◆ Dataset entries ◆
□ □ □

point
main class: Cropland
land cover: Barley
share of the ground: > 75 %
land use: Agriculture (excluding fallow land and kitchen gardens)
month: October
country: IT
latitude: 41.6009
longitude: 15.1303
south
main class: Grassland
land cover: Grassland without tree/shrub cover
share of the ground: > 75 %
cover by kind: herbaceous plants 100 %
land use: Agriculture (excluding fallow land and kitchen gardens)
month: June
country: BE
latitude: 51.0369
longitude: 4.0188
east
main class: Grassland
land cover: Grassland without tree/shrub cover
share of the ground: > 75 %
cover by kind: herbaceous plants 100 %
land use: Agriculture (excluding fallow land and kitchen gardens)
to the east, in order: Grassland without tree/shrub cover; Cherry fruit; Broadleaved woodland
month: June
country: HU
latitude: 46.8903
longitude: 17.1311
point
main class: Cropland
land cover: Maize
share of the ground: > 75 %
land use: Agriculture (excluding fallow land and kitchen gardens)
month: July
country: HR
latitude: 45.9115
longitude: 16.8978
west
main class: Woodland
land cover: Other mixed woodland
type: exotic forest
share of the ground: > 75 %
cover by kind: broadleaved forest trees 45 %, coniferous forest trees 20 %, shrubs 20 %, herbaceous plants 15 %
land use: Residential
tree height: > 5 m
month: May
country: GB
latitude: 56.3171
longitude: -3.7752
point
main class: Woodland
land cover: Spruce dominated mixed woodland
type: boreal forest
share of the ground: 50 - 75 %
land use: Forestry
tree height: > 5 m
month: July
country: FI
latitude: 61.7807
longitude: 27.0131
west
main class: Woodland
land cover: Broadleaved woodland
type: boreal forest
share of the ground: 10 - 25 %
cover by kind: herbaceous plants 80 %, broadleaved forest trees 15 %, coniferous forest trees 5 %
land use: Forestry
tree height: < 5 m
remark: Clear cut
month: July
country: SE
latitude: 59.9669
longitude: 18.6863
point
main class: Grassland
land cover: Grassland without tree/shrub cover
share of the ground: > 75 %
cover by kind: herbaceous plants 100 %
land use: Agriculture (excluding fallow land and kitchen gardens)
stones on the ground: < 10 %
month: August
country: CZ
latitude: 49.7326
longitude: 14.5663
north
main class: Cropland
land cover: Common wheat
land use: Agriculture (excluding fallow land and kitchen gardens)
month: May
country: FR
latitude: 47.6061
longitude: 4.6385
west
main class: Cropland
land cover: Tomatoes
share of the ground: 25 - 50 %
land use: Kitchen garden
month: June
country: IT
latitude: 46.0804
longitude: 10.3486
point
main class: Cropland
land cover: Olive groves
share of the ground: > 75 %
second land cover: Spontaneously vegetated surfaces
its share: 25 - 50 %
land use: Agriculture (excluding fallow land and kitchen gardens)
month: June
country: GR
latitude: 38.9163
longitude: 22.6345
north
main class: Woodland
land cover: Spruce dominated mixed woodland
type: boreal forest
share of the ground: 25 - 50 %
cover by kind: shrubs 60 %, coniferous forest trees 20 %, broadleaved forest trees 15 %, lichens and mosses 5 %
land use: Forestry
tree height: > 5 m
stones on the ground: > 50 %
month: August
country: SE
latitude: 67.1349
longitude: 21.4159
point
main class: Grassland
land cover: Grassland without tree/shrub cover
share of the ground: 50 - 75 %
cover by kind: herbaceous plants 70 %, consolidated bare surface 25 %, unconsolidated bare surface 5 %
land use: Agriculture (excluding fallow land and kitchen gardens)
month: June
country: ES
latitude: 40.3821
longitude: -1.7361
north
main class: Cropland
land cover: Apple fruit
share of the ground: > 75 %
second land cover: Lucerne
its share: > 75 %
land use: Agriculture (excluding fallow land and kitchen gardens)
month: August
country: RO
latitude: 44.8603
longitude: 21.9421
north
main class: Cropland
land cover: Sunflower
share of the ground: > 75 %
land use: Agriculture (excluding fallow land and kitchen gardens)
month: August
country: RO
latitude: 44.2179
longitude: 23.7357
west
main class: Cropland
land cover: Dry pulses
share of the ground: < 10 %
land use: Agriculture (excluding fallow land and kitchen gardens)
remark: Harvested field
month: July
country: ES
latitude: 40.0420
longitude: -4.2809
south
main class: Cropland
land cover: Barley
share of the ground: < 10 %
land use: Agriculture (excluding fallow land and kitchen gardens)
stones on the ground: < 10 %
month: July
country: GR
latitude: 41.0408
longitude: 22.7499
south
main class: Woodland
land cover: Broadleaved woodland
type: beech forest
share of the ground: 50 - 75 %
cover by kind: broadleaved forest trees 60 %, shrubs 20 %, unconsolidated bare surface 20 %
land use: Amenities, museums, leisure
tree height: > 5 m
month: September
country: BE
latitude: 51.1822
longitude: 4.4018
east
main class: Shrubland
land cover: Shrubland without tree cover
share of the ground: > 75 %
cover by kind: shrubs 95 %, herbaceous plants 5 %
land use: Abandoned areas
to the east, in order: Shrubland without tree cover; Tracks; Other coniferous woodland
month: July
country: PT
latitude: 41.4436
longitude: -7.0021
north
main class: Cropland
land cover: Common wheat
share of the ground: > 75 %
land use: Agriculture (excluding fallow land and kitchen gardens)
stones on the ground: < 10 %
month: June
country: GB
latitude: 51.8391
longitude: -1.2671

□ □ □

◆ What needs to be done ◆
Repeat all the records. Match each line exactly.

◆ Response for this exercise ◆
point
main class: Cropland
land cover: Barley
share of the ground: > 75 %
land use: Agriculture (excluding fallow land and kitchen gardens)
month: October
country: IT
latitude: 41.6009
longitude: 15.1303
south
main class: Grassland
land cover: Grassland without tree/shrub cover
share of the ground: > 75 %
cover by kind: herbaceous plants 100 %
land use: Agriculture (excluding fallow land and kitchen gardens)
month: June
country: BE
latitude: 51.0369
longitude: 4.0188
east
main class: Grassland
land cover: Grassland without tree/shrub cover
share of the ground: > 75 %
cover by kind: herbaceous plants 100 %
land use: Agriculture (excluding fallow land and kitchen gardens)
to the east, in order: Grassland without tree/shrub cover; Cherry fruit; Broadleaved woodland
month: June
country: HU
latitude: 46.8903
longitude: 17.1311
point
main class: Cropland
land cover: Maize
share of the ground: > 75 %
land use: Agriculture (excluding fallow land and kitchen gardens)
month: July
country: HR
latitude: 45.9115
longitude: 16.8978
west
main class: Woodland
land cover: Other mixed woodland
type: exotic forest
share of the ground: > 75 %
cover by kind: broadleaved forest trees 45 %, coniferous forest trees 20 %, shrubs 20 %, herbaceous plants 15 %
land use: Residential
tree height: > 5 m
month: May
country: GB
latitude: 56.3171
longitude: -3.7752
point
main class: Woodland
land cover: Spruce dominated mixed woodland
type: boreal forest
share of the ground: 50 - 75 %
land use: Forestry
tree height: > 5 m
month: July
country: FI
latitude: 61.7807
longitude: 27.0131
west
main class: Woodland
land cover: Broadleaved woodland
type: boreal forest
share of the ground: 10 - 25 %
cover by kind: herbaceous plants 80 %, broadleaved forest trees 15 %, coniferous forest trees 5 %
land use: Forestry
tree height: < 5 m
remark: Clear cut
month: July
country: SE
latitude: 59.9669
longitude: 18.6863
point
main class: Grassland
land cover: Grassland without tree/shrub cover
share of the ground: > 75 %
cover by kind: herbaceous plants 100 %
land use: Agriculture (excluding fallow land and kitchen gardens)
stones on the ground: < 10 %
month: August
country: CZ
latitude: 49.7326
longitude: 14.5663
north
main class: Cropland
land cover: Common wheat
land use: Agriculture (excluding fallow land and kitchen gardens)
month: May
country: FR
latitude: 47.6061
longitude: 4.6385
west
main class: Cropland
land cover: Tomatoes
share of the ground: 25 - 50 %
land use: Kitchen garden
month: June
country: IT
latitude: 46.0804
longitude: 10.3486
point
main class: Cropland
land cover: Olive groves
share of the ground: > 75 %
second land cover: Spontaneously vegetated surfaces
its share: 25 - 50 %
land use: Agriculture (excluding fallow land and kitchen gardens)
month: June
country: GR
latitude: 38.9163
longitude: 22.6345
north
main class: Woodland
land cover: Spruce dominated mixed woodland
type: boreal forest
share of the ground: 25 - 50 %
cover by kind: shrubs 60 %, coniferous forest trees 20 %, broadleaved forest trees 15 %, lichens and mosses 5 %
land use: Forestry
tree height: > 5 m
stones on the ground: > 50 %
month: August
country: SE
latitude: 67.1349
longitude: 21.4159
point
main class: Grassland
land cover: Grassland without tree/shrub cover
share of the ground: 50 - 75 %
cover by kind: herbaceous plants 70 %, consolidated bare surface 25 %, unconsolidated bare surface 5 %
land use: Agriculture (excluding fallow land and kitchen gardens)
month: June
country: ES
latitude: 40.3821
longitude: -1.7361
north
main class: Cropland
land cover: Apple fruit
share of the ground: > 75 %
second land cover: Lucerne
its share: > 75 %
land use: Agriculture (excluding fallow land and kitchen gardens)
month: August
country: RO
latitude: 44.8603
longitude: 21.9421
north
main class: Cropland
land cover: Sunflower
share of the ground: > 75 %
land use: Agriculture (excluding fallow land and kitchen gardens)
month: August
country: RO
latitude: 44.2179
longitude: 23.7357
west
main class: Cropland
land cover: Dry pulses
share of the ground: < 10 %
land use: Agriculture (excluding fallow land and kitchen gardens)
remark: Harvested field
month: July
country: ES
latitude: 40.0420
longitude: -4.2809
south
main class: Cropland
land cover: Barley
share of the ground: < 10 %
land use: Agriculture (excluding fallow land and kitchen gardens)
stones on the ground: < 10 %
month: July
country: GR
latitude: 41.0408
longitude: 22.7499
south
main class: Woodland
land cover: Broadleaved woodland
type: beech forest
share of the ground: 50 - 75 %
cover by kind: broadleaved forest trees 60 %, shrubs 20 %, unconsolidated bare surface 20 %
land use: Amenities, museums, leisure
tree height: > 5 m
month: September
country: BE
latitude: 51.1822
longitude: 4.4018
east
main class: Shrubland
land cover: Shrubland without tree cover
share of the ground: > 75 %
cover by kind: shrubs 95 %, herbaceous plants 5 %
land use: Abandoned areas
to the east, in order: Shrubland without tree cover; Tracks; Other coniferous woodland
month: July
country: PT
latitude: 41.4436
longitude: -7.0021
north
main class: Cropland
land cover: Common wheat
share of the ground: > 75 %
land use: Agriculture (excluding fallow land and kitchen gardens)
stones on the ground: < 10 %
month: June
country: GB
latitude: 51.8391
longitude: -1.2671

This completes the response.